古渭寨經營得愈發紅火,賺到的錢財已經夠自身開支,只不過糧食還得從秦州運來。
一觸即發的宋夏戰爭,也在三月冷卻下來。
梁太后和梁乙埋兄妹倆,發現自己指揮不動軍隊,而且朝中也有貴族掣肘,於是主動跟大宋講和。
西夏主動遣使議和,還傳來李諒祚的死訊,大宋文官瞬間就支棱起來。
文官們說,想要議和可以,把殺害楊定的兇手交出來!
楊定曾經參與謀劃收服綏州。
這傢伙出使西夏的時候,收了李諒祚的寶物和金銀,擅自許諾把邊民歸還給西夏。他回京之後,只上交寶物,私吞了金銀,還忽悠皇帝說:李諒祚此人類似孫策,可以派人刺殺。
種諤收服綏州時,李諒祚大怒,認為都是楊定在搞鬼。於是打著議和的幌子,把楊定騙過去殺了。
大宋使臣被殺,面子上過不去,現在非要西夏交出兇手才肯議和。
西夏謊稱已經處死兇手,大宋索要兇手的首級,西夏死活不肯交出首級。於是雙方就僵住了,既不戰,也不和。

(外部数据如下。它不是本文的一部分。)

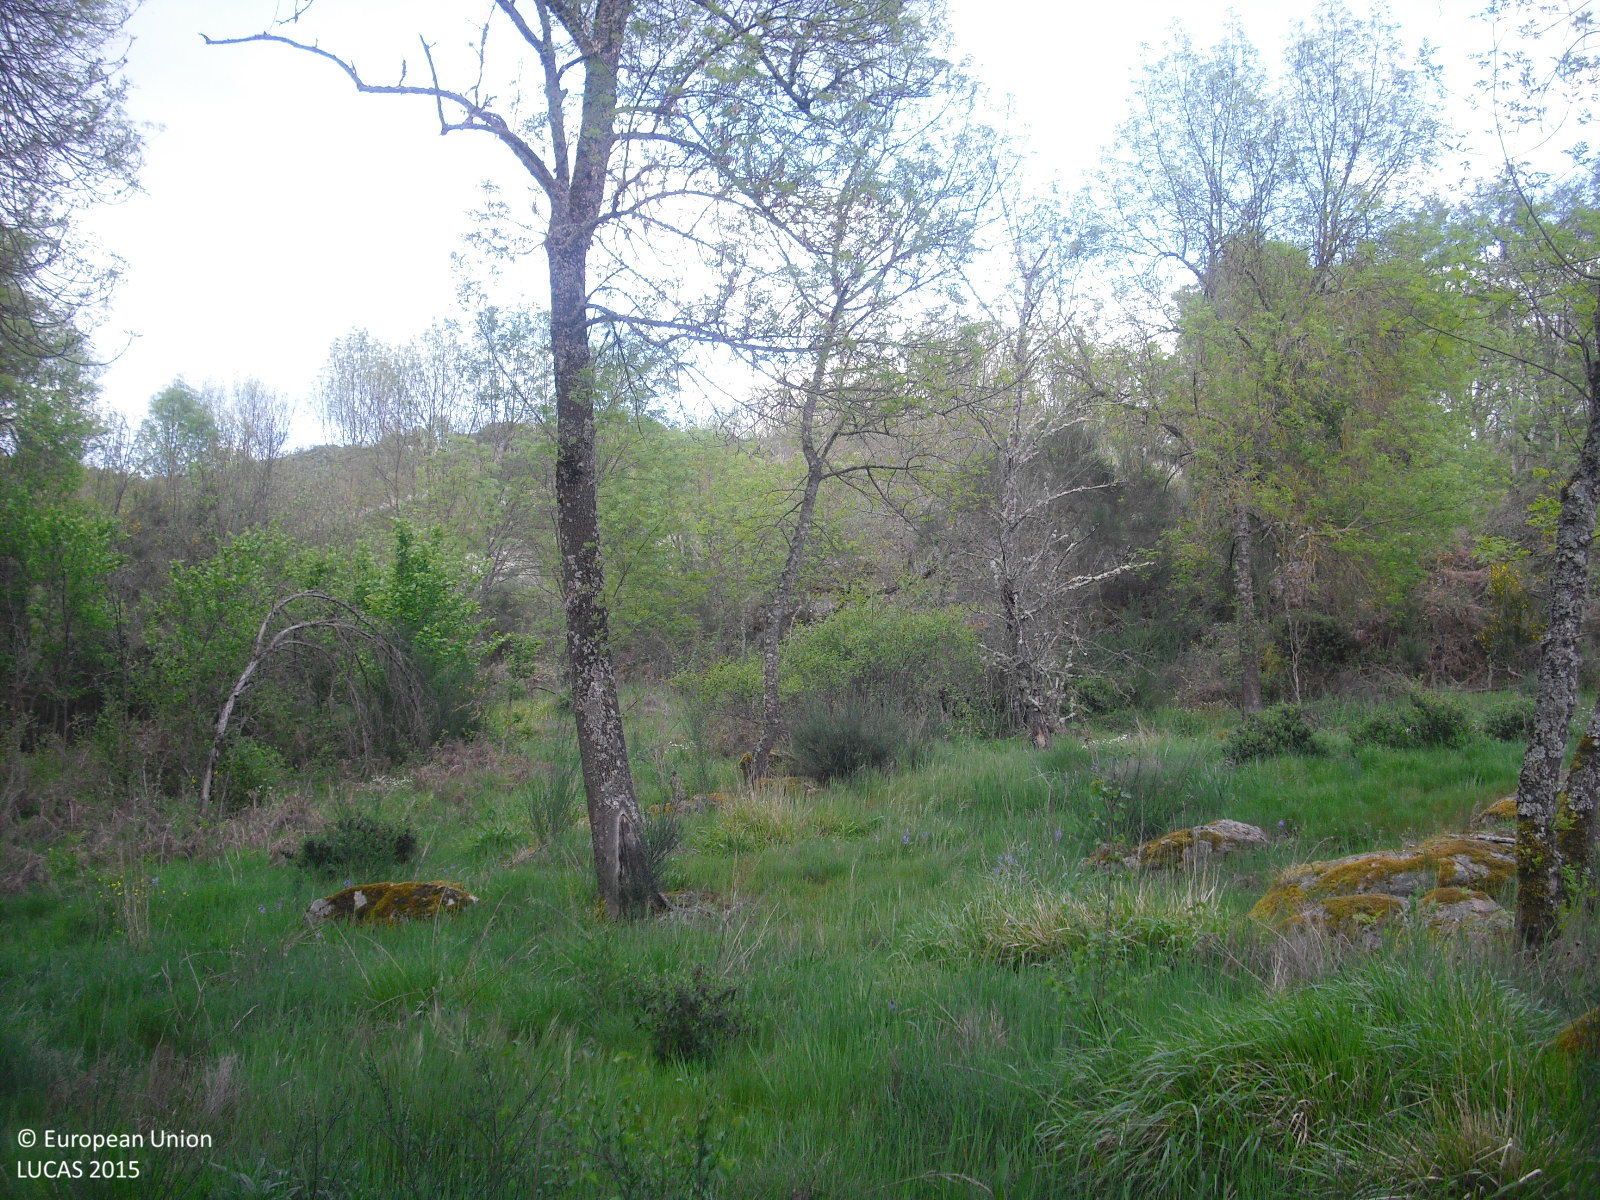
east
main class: Woodland
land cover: Broadleaved woodland
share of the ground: 25 - 50 %
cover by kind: broadleaved forest trees 30 %, herbaceous plants 30 %, shrubs 20 %, consolidated bare surface 20 %
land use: Amenities, museums, leisure
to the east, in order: Broadleaved woodland; Rock outcrops; Broadleaved woodland; Ditches and canals; Shrubland with sparse tree cover; Dry stone walls; Tracks; Single bushes/trees; Rock outcrops; Broadleaved woodland; Grassland without tree/shrub cover; Shrubland without tree cover; Rivers and streams; Grassland with sparse tree/shrub cover; Ditches and canals; Broadleaved woodland; Shrubland with sparse tree cover; Dry stone walls; Shrubland with sparse tree cover; Rock outcrops; Shrubland with sparse tree cover; Dry stone walls; Shrubland with sparse tree cover
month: April
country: ES
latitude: 41.8865
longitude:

大宋文官篤定西夏不敢打仗,畢竟剛死了國主,所以變得有恃無恐。
不僅如此,此前唯唯諾諾的樞密使呂公弼,還下令在開封、京西、陝西各路招募勇壯,作為預備役隨時跟西夏開戰。
王安石也進京了。
他跟皇帝一直聊到天黑,回到家裡意猶未盡,便寫下《國朝百年無事札子》。
趙頊看完札子,對王安石更加青睞。
王安石回京之後,第一次參加朝會,就聽朝堂吵作一團。
卻是因為通遠軍修築寨堡之事。
已經吵了一個多月,而且還是用筆來爭吵!
文彥博堅決不同意,倒不是怕激怒西夏,而是覺得沒有必要,增築寨堡太過耗費糧草。
他說修建寨堡之後,還得派漢人士兵去駐守,保護的卻都是一些羌人。不如讓西夏把那些羌人全都擄走,搞出一片兩國都不待見的真空區域。
正在前線坐鎮的韓琦,卻堅決支持徐來修築寨堡。他甚至比徐來還激進,認為不僅要在古渭寨北邊修,還應該在古渭寨西邊修。
韓琦去年被文官糊弄,錯判了兩國的局勢。現在終於醒悟過來,他要趁著李諒祚剛死,在前線各地修築寨堡積極防禦。
韓琦和文彥博就這麼反覆上疏爭論,到現在都還沒有一個結果。歷史上,這事兒爭論了足足半年。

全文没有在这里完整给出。